How to Read the Bible for All Its Worth by Gordon Fee and Douglas Stuart
Two of our most important considerations in reading the Bible are context and genre. This book details the various literary genres found in the Bible, along with helpful approaches for understanding each genre, whether poetry or narrative, wisdom literature or law, epistle or apocalyptic literature.
How to Read the Bible Book by Book: A Guided Tour by Gordon Fee and Douglas Stuart
This is a permanent fixture on my desk, never out of arm’s reach. It provides introductions, key themes, and general outlines for each Bible book. It’s an essential resource for teaching.
NIV Cultural Backgrounds Study Bible: Bringing to Life the Ancient World of Scripture
I’m not a fan of all-in-one study bibles. Like a Cheesecake Factory, they may do a whole lot of things, but nothing particularly well. But if you really prefer having everything in one single volume, I recommend this one. I’m a visual learner, so I love the maps and pictures.
The Old Testament for Everyone series by John Goldingay & The New Testament for Everyone series by N.T. Wright
These aren’t quite commentaries and not quite devotionals.

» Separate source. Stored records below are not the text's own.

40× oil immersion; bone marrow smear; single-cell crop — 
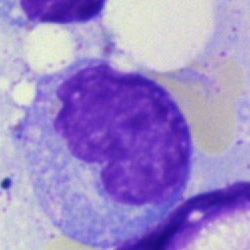

Q: Which cell type is shown here?
A: It is a monocyte.
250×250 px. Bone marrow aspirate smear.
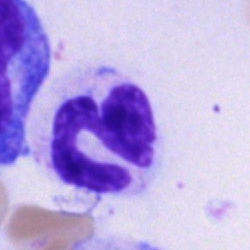
{"cell_type": "neutrophil (segmented)", "lineage": "myeloid"}
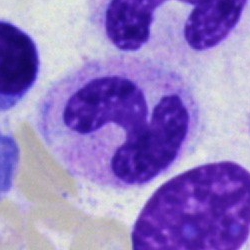Q: Identify the cell.
A: Polymorphonuclear neutrophil.
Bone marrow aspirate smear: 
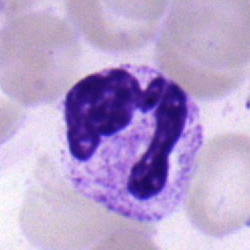
Q: What is the morphological classification of this cell?
A: A neutrophil (segmented).
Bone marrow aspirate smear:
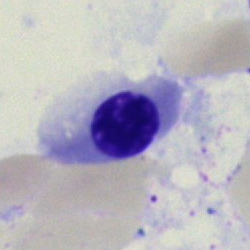

Q: What is shown here?
A: A nucleated red blood cell.

They are deeply unsightly and engagingly practical. Great for individual study or for small group reading.
Much like the scenario in the film Arrival, opening the pages of the Bible is an encounter with the living God and should arouse in us a deep sense of wonder. Do we catch our breath? Does our jaw drop?
Whether you’re brand new to the Bible or you’re a pastor or teacher, I hope something here increases your capacity for wonder at the God in the Bible.